Wednesday, March 28, 2012

Movie and a Job

Mike and I just finished watching "Extremely Loud and Incredibly Close." And I cried. I cried like I cried in the theaters when "Titanic" came out. Big, fat tears with my nose dripping. Crying like someone I knew had died. Crying to the point that Mike said, "Wow. I don't think I have ever seen you cry that hard. Ever. Have you seen yourself cry?" Believe me, it's not pretty - I know. If you haven't seen the movie, I will simply tell you that it revolves around the events of 9/11.

When 9/11 occurred, I was in New Orleans for college, but surrounded by a surprising amount of people from the Northeast. Our school was shut down for a week while students went home in hysterics. I remember sitting in front of the television for HOURS, sobbing about people that I didn't know until my roommates made me leave the living room so that the house could watch something a little more cheery. I get attached to people - even people I don't really know.

Interestingly enough, this discussion leads right into talking about my new job! (Wasn't that a nice segway?) I haven't written here for more than a month - I can't believe how quickly the time has gone. I love where I am working, who I am working with and what I am doing. I am learning so much about a very ignored population that I will discuss on a soapbox in another post. The hardest thing that I am dealing with is seeing how many people are homeless, and knowing that I can't bring them all home and tuck them in the second bedroom. I feel like Mike may not be open to this (even though he may not discover them for a little while.)
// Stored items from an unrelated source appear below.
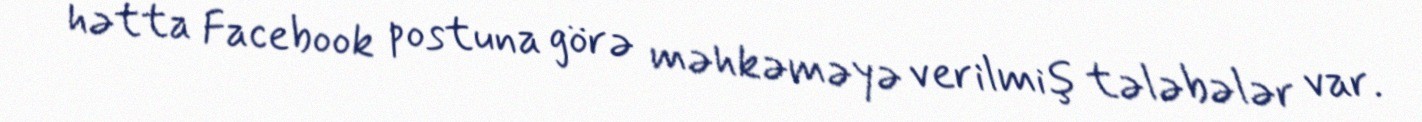
hətta Facebook postuna görə məhkəməyə verilmiş tələbələr var.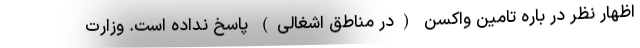
اظهار نظر در باره تامین واکسن (در مناطق اشغالی) پاسخ نداده است. وزارت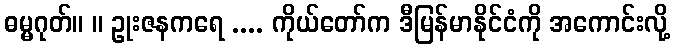
ဓမ္မဂုတ်။ ။ ဥုးဇနကရေ .... ကိုယ်တော်က ဒီမြန်မာနိုင်ငံကို အကောင်းလို့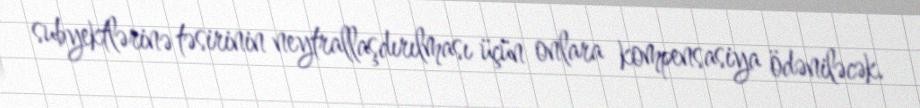
subyektlərinə təsirinin neytrallaşdırılması üçün onlara kompensasiya ödəniləcək.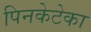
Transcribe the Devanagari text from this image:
पिनकेटेका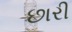
છારી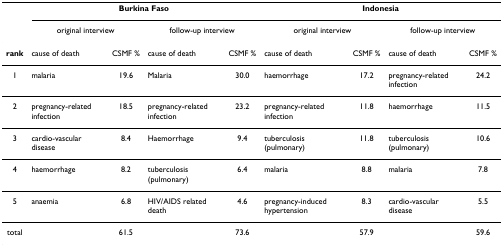
<table><thead><tr><td></td><td colspan="4"><b>Burkina Faso</b></td><td colspan="4"><b>Indonesia</b></td></tr><tr><td></td><td colspan="2"><b>original interview</b></td><td colspan="2"><b>follow-up interview</b></td><td colspan="2"><b>original interview</b></td><td colspan="2"><b>follow-up interview</b></td></tr></thead><tbody><tr><td><b>rank</b></td><td>cause of death</td><td>CSMF %</td><td>cause of death</td><td>CSMF %</td><td>cause of death</td><td>CSMF %</td><td>cause of death</td><td>CSMF %</td></tr><tr><td>1</td><td>malaria</td><td>19.6</td><td>Malaria</td><td>30.0</td><td>haemorrhage</td><td>17.2</td><td>pregnancy-related infection</td><td>24.2</td></tr><tr><td>2</td><td>pregnancy-related infection</td><td>18.5</td><td>pregnancy-related infection</td><td>23.2</td><td>pregnancy-related infection</td><td>11.8</td><td>haemorrhage</td><td>11.5</td></tr><tr><td>3</td><td>cardio-vascular disease</td><td>8.4</td><td>Haemorrhage</td><td>9.4</td><td>tuberculosis (pulmonary)</td><td>11.8</td><td>tuberculosis (pulmonary)</td><td>10.6</td></tr><tr><td>4</td><td>haemorrhage</td><td>8.2</td><td>tuberculosis (pulmonary)</td><td>6.4</td><td>malaria</td><td>8.8</td><td>malaria</td><td>7.8</td></tr><tr><td>5</td><td>anaemia</td><td>6.8</td><td>HIV/AIDS related death</td><td>4.6</td><td>pregnancy-induced hypertension</td><td>8.3</td><td>cardio-vascular disease</td><td>5.5</td></tr><tr><td>total</td><td></td><td>61.5</td><td></td><td>73.6</td><td></td><td>57.9</td><td></td><td>59.6</td></tr></tbody></table>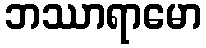
ဘဿာရာမော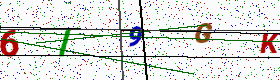
Text: 6I9GK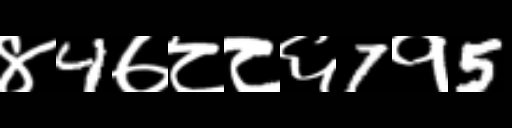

Everyday I know that there will be a new problem to solve or new issues to handle. Today I was in the hospital room when a man was told that his biopsy results showed malignant tumors and the doctors are going to stop chemo because his body is shutting down. He nodded, looked at me and continued making arrangements to come live in our facility. He showed me his funeral plans, including the letter to his pastor of what psalm to read and a list of things that make him happy. I am constantly amazed by the emotional strength our clients have, as well as their stories. I am scared for the day to come when I walk into the house one morning and learn that one of them has passed away. I think I may be more scared than they are.

The full half of the glass is that I do know we are helping people. Recently a man left our facility and moved into an apartment. He had spent years circling from homeless shelters to the hospital, but finally ended up in our little "home." He still calls us to keep us abreast of what is going on, and comes back to motivate other clients. I am so proud of him and cannot begin to imagine the sense of accomplishment he feels.

In short - I don't think ALL the sobbing was about the movie. I am trying to help 90,000 people in just the Dallas area. It's a lot of people. But I feel like I am on the right track and am so thrilled that I am excited to get up every morning to start a new day at work. Hope y'all are well! I will try to write about something a little lighter next time!

(Sorry if this was Extremely Long and Incredibly Depressing.) (With no happy pictures!)